[Data excerpts]
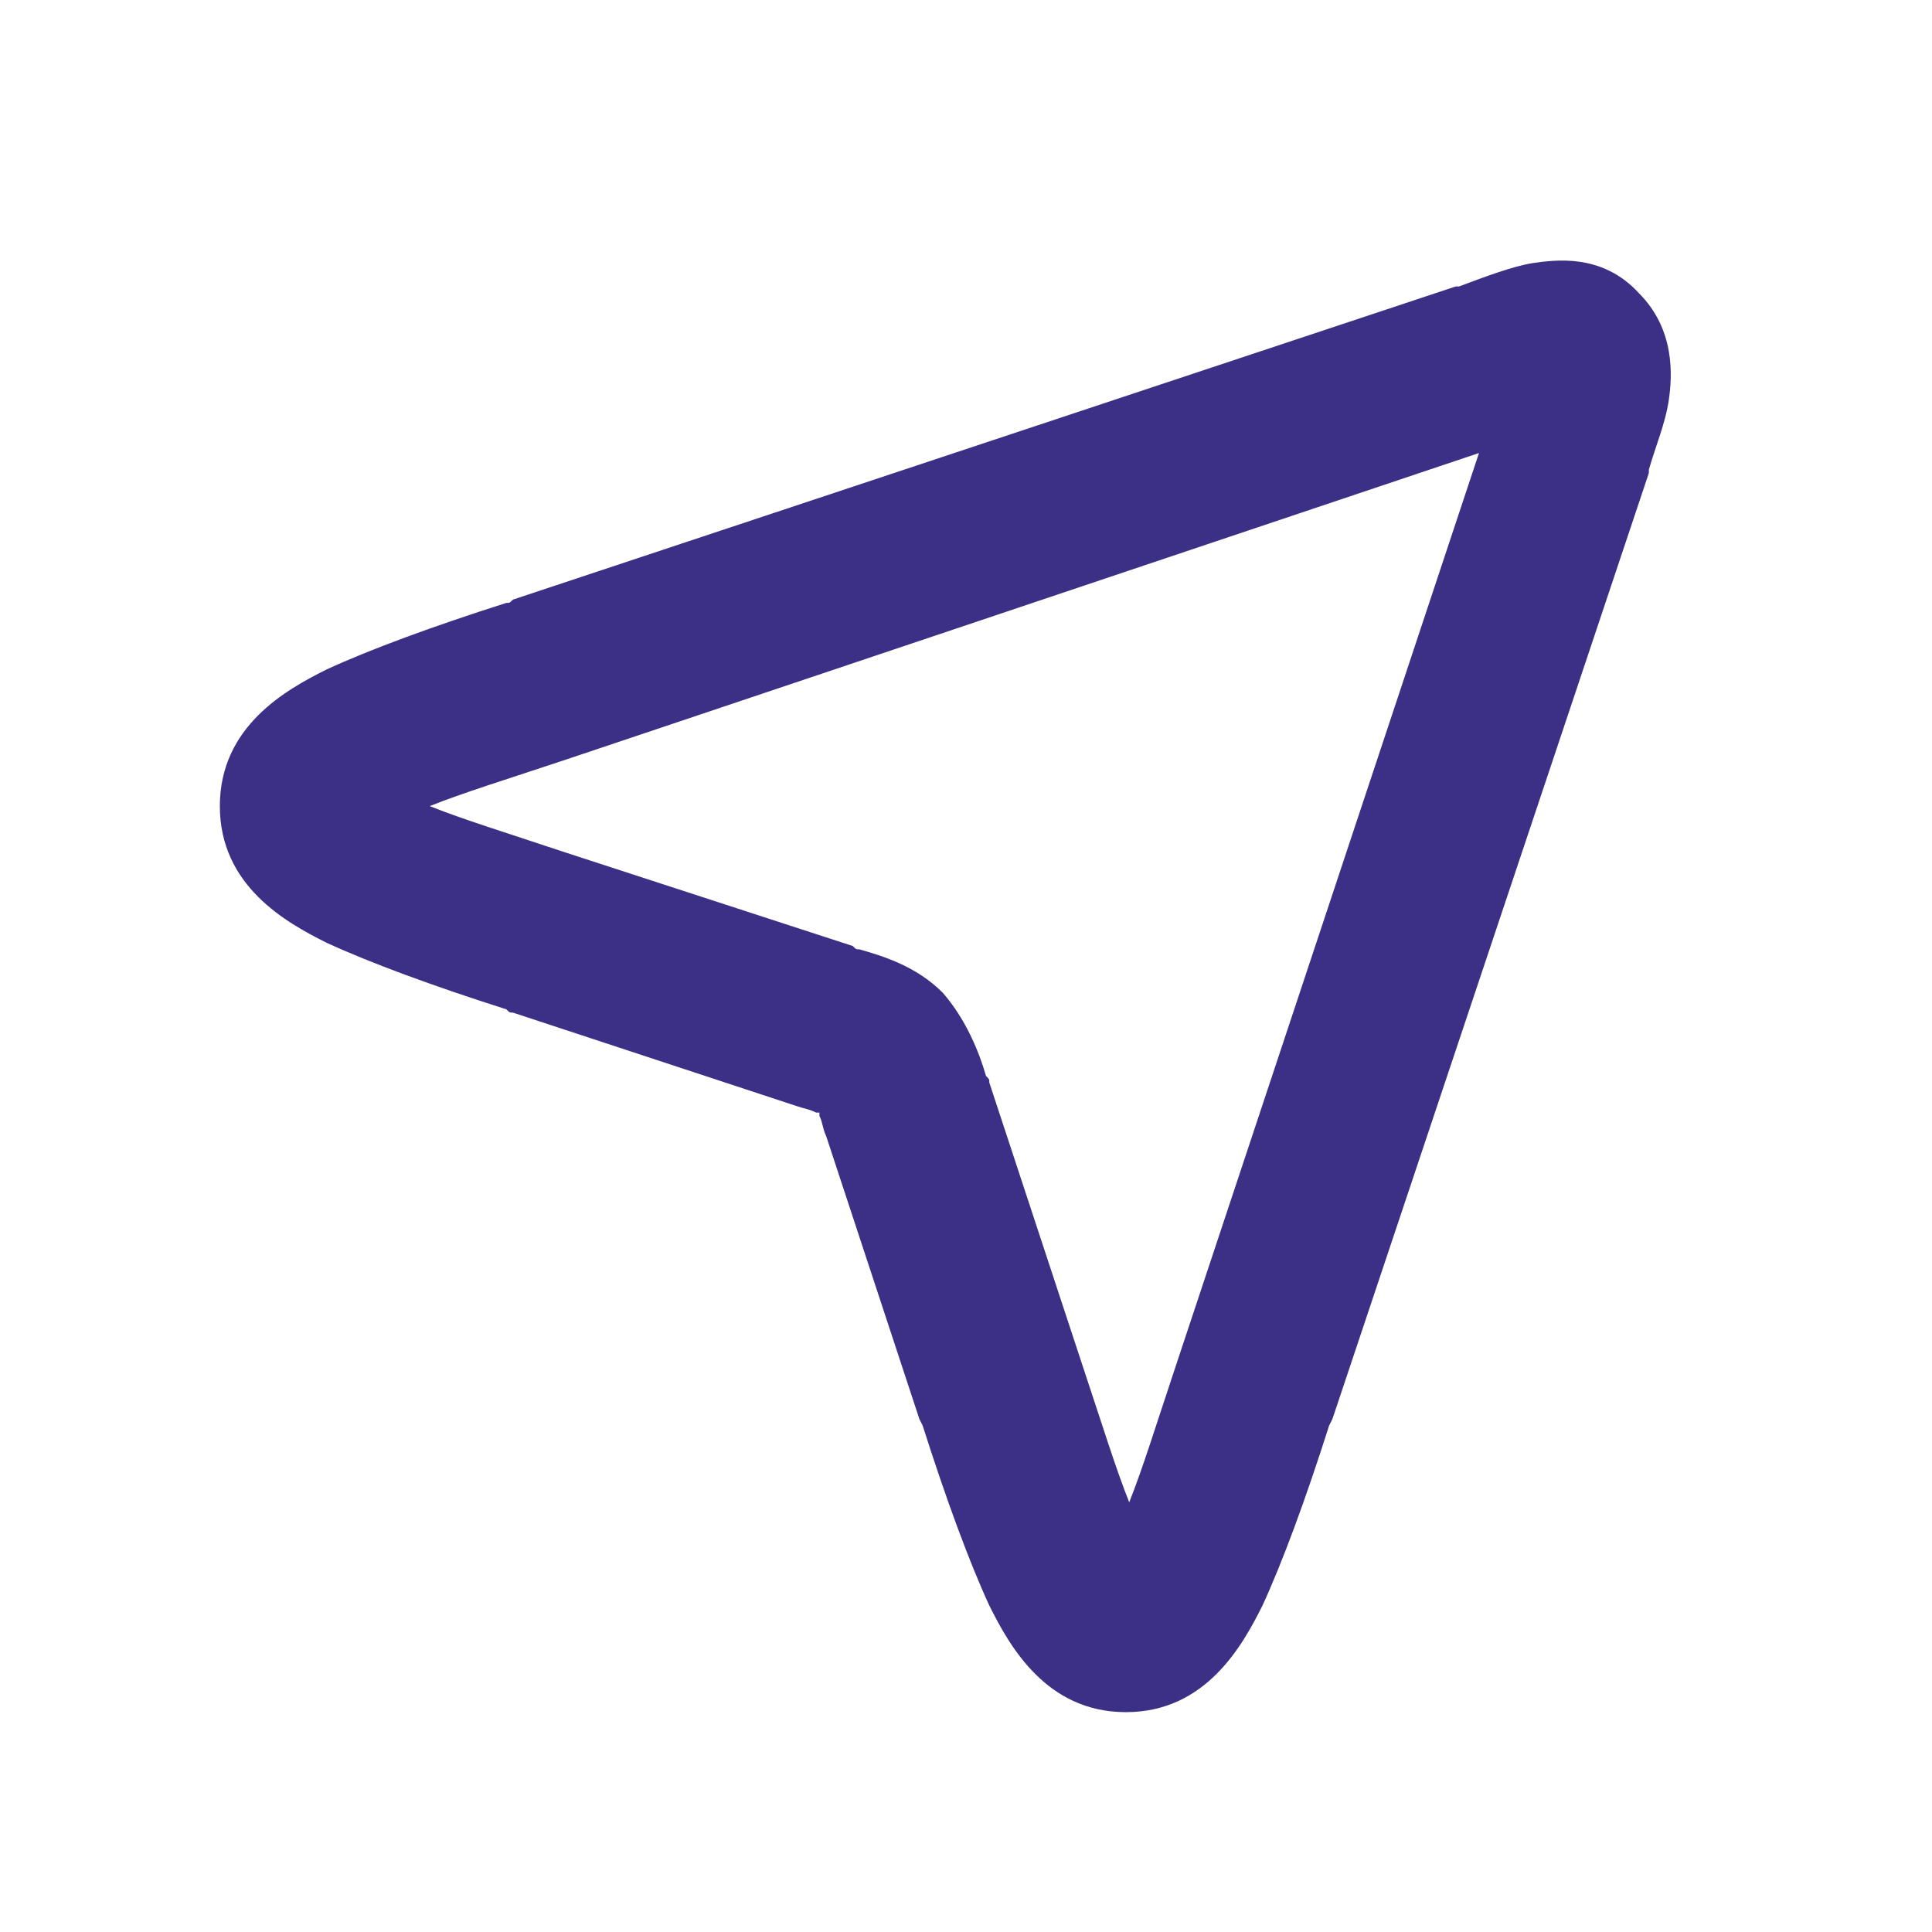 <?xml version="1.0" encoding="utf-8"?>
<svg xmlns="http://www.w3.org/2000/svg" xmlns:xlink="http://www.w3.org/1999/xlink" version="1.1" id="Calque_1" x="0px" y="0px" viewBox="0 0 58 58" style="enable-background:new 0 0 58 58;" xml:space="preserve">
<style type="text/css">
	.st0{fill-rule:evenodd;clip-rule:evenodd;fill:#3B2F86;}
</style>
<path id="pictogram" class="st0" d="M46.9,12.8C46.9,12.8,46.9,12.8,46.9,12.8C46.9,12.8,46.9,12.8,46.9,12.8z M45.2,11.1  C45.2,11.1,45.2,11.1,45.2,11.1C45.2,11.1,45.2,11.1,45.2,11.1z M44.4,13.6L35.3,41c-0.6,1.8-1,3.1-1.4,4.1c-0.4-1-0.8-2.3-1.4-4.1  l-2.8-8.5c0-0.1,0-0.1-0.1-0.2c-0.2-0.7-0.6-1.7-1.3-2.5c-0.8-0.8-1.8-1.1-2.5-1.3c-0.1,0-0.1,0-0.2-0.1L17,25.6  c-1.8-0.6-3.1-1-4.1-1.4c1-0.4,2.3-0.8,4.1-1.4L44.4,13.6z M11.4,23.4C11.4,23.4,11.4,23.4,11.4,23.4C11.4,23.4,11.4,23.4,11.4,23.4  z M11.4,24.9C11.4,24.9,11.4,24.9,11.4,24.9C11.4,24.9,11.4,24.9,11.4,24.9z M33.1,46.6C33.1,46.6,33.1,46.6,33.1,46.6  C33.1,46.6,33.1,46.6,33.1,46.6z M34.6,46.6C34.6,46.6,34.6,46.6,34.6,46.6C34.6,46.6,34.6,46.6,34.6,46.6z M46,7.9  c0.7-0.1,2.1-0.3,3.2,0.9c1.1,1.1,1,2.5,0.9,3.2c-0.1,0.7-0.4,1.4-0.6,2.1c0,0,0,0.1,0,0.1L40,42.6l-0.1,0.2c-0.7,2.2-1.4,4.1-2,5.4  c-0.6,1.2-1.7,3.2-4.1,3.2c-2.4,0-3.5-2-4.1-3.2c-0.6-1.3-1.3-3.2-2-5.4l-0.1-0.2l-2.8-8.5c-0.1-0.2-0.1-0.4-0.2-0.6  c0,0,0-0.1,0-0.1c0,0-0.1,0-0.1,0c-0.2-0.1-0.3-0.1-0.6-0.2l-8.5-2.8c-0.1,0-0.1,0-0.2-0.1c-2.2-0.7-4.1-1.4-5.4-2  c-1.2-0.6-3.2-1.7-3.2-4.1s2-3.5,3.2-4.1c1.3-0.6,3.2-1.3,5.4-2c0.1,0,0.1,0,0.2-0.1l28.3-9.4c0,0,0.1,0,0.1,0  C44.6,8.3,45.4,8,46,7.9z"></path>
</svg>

[Your objective]
Please reproduce the material above word for word, without its images.

[Written answer]
 <?xml version="1.0" encoding="utf-8"?>
<svg xmlns="http://www.w3.org/2000/svg" xmlns:xlink="http://www.w3.org/1999/xlink" version="1.1" id="Calque_1" x="0px" y="0px" viewBox="0 0 58 58" style="enable-background:new 0 0 58 58;" xml:space="preserve">
<style type="text/css">
	.st0{fill-rule:evenodd;clip-rule:evenodd;fill:#3B2F86;}
</style>
<path id="pictogram" class="st0" d="M46.9,12.8C46.9,12.8,46.9,12.8,46.9,12.8C46.9,12.8,46.9,12.8,46.9,12.8z M45.2,11.1  C45.2,11.1,45.2,11.1,45.2,11.1C45.2,11.1,45.2,11.1,45.2,11.1z M44.4,13.6L35.3,41c-0.6,1.8-1,3.1-1.4,4.1c-0.4-1-0.8-2.3-1.4-4.1  l-2.8-8.5c0-0.1,0-0.1-0.1-0.2c-0.2-0.7-0.6-1.7-1.3-2.5c-0.8-0.8-1.8-1.1-2.5-1.3c-0.1,0-0.1,0-0.2-0.1L17,25.6  c-1.8-0.6-3.1-1-4.1-1.4c1-0.4,2.3-0.8,4.1-1.4L44.4,13.6z M11.4,23.4C11.4,23.4,11.4,23.4,11.4,23.4C11.4,23.4,11.4,23.4,11.4,23.4  z M11.4,24.9C11.4,24.9,11.4,24.9,11.4,24.9C11.4,24.9,11.4,24.9,11.4,24.9z M33.1,46.6C33.1,46.6,33.1,46.6,33.1,46.6  C33.1,46.6,33.1,46.6,33.1,46.6z M34.6,46.6C34.6,46.6,34.6,46.6,34.6,46.6C34.6,46.6,34.6,46.6,34.6,46.6z M46,7.9  c0.7-0.1,2.1-0.3,3.2,0.9c1.1,1.1,1,2.5,0.9,3.2c-0.1,0.7-0.4,1.4-0.6,2.1c0,0,0,0.1,0,0.1L40,42.6l-0.1,0.2c-0.7,2.2-1.4,4.1-2,5.4  c-0.6,1.2-1.7,3.2-4.1,3.2c-2.4,0-3.5-2-4.1-3.2c-0.6-1.3-1.3-3.2-2-5.4l-0.1-0.2l-2.8-8.5c-0.1-0.2-0.1-0.4-0.2-0.6  c0,0,0-0.1,0-0.1c0,0-0.1,0-0.1,0c-0.2-0.1-0.3-0.1-0.6-0.2l-8.5-2.8c-0.1,0-0.1,0-0.2-0.1c-2.2-0.7-4.1-1.4-5.4-2  c-1.2-0.6-3.2-1.7-3.2-4.1s2-3.5,3.2-4.1c1.3-0.6,3.2-1.3,5.4-2c0.1,0,0.1,0,0.2-0.1l28.3-9.4c0,0,0.1,0,0.1,0  C44.6,8.3,45.4,8,46,7.9z"></path>
</svg>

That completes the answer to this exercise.